Im Mittelpunkt des Nachmittags stand die Seifert-Orgel der Kirche. "Eine Orgel kann den Raum füllen, nicht nur musikalisch, sondern auch architektonisch", betonte Joosten. Wie recht er damit hat, zeigt der Blick nach oben: Das Instrument besticht durch seinen offenen Freipfeifenprospekt – ein gestalterisches Detail, das in dieser Form in der gesamten näheren Region einzigartig ist. Statt hinter einem geschlossenen Gehäuse verborgen zu sein, stehen die Pfeifen frei im Raum und verleihen der Architektur eine ganz eigene, luftige Dynamik.

Neben den lokalen Besonderheiten spannte Joosten. einen weit gefächerten Bogen durch die allgemeine Orgelgeschichte. Anschaulich und gespickt mit allerlei Wissenswertem erklärte er, wie sich die Mechanik über Jahrhunderte entwickelte und wie aus Luftströmen und Ventilklappen Klangkunst entsteht.
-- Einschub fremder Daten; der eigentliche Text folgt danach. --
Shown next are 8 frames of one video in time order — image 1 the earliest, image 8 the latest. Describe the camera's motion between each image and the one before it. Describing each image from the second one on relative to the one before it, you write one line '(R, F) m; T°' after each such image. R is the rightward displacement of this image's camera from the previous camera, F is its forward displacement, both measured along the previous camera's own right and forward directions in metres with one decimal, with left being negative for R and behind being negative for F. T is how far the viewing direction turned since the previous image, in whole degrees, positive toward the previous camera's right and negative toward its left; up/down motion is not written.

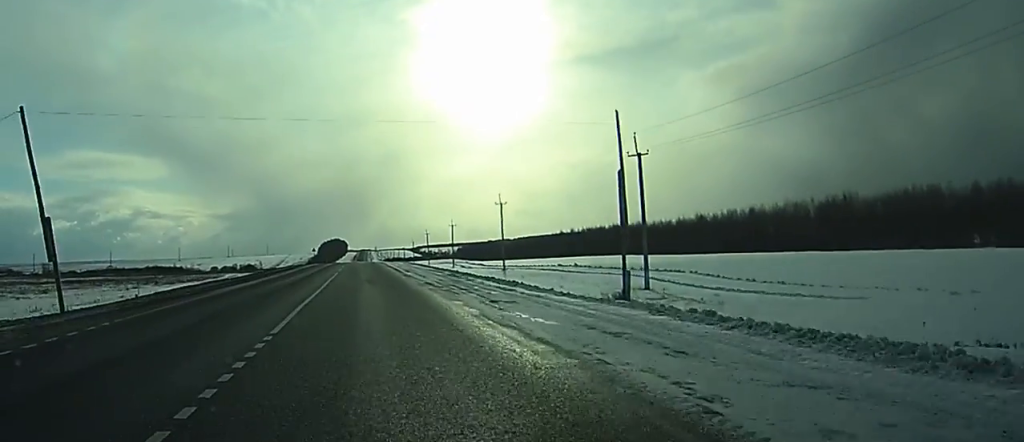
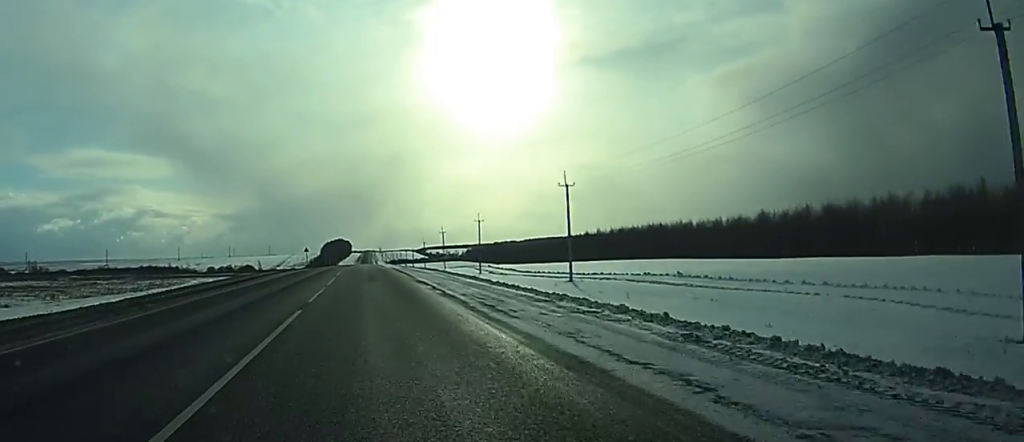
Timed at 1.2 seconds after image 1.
(-0.1, +33.7) m; 0°
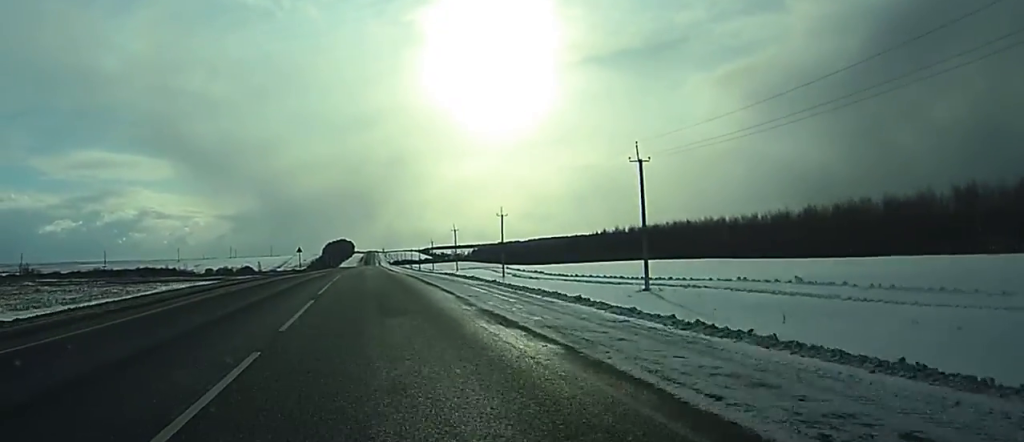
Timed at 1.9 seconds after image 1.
(-0.1, +20.3) m; 0°
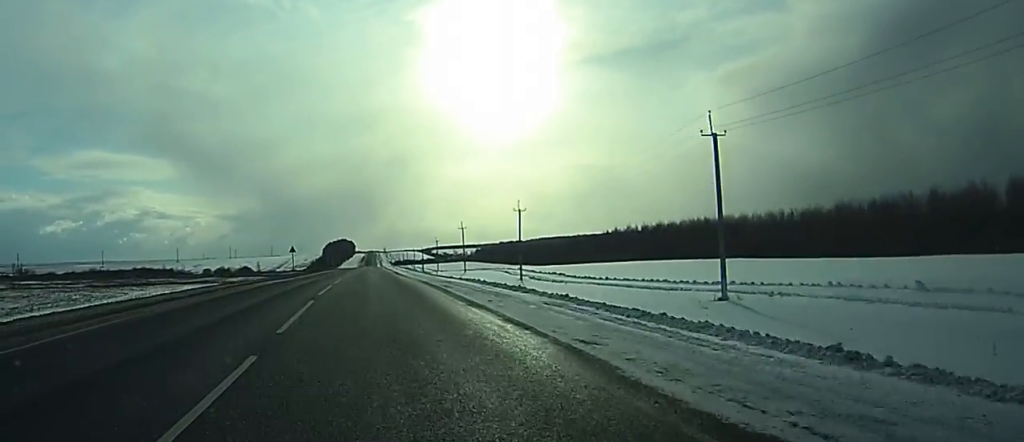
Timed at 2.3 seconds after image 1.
(0.0, +12.6) m; 0°
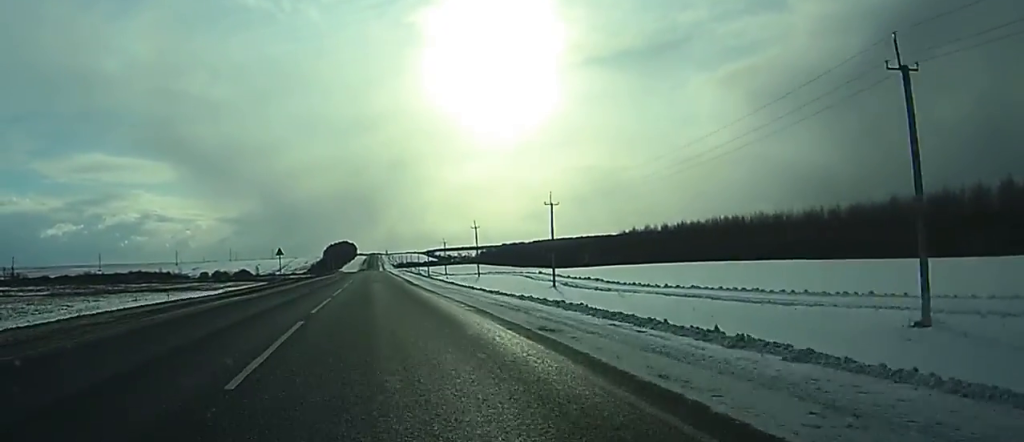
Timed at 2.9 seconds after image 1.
(0.0, +17.5) m; 0°
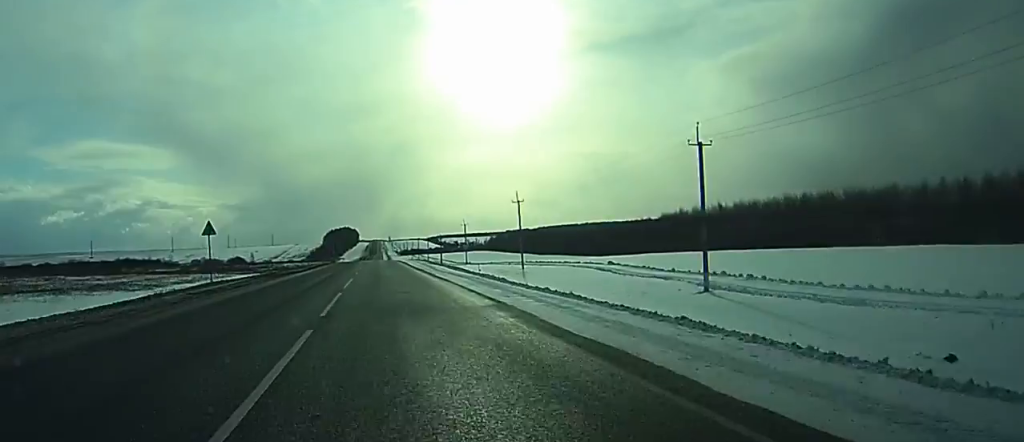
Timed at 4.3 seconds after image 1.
(-0.1, +39.9) m; 0°
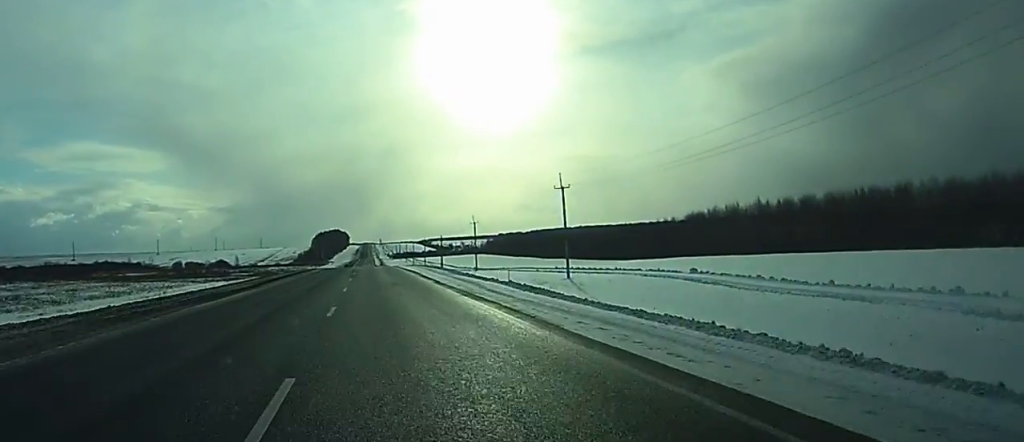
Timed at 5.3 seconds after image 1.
(+0.2, +29.3) m; 0°
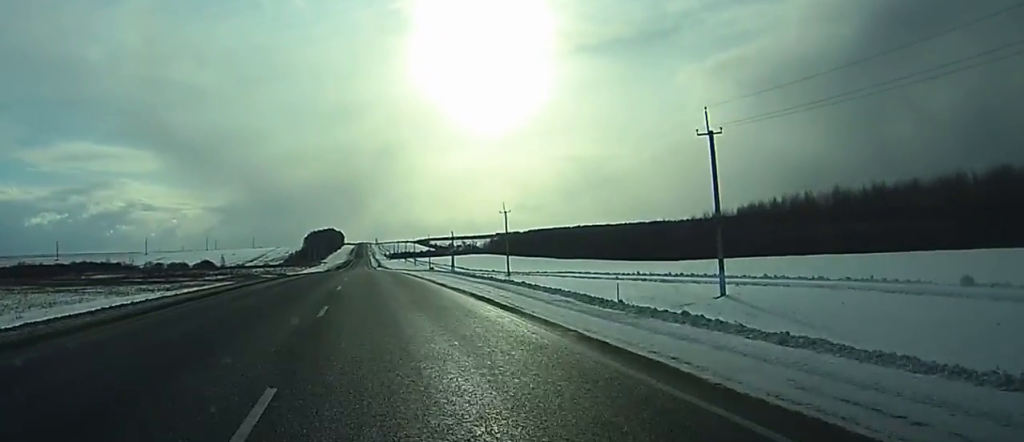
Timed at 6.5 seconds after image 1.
(0.0, +37.2) m; 0°

Besonders greifbar wurde der Vortrag, als der Organist die Funktionsweise der einzelnen Register erläuterte. Wie unterscheiden sich die schneidenden Zungenstimmen von den sanften Flötenregistern? Wie wird aus einzelnen Pfeifen ein majestätisches Gesamtvolumen?

Der Höhepunkt der Führung folgte am Spieltisch: Mit ausgewählten Klangbeispielen demonstrierte Joosten, welche enormen Ausdrucksmöglichkeiten in der Seifert-Orgel stecken. Von leisen, fast intimen Passagen bis hin zum Raum füllenden Plenum ließ er das Instrument in all seinen Facetten erstrahlen.

Nach der Vorführung nutzten viele Teilnehmer die Gelegenheit für Fragen und einen Blick aus nächster Nähe. Am Ende blieb die Erkenntnis: Wer eine Orgel mit den Augen und Ohren zu betrachten lernt, verliebt sich vielleicht nicht auf den ersten Blick – aber dafür umso nachhaltiger.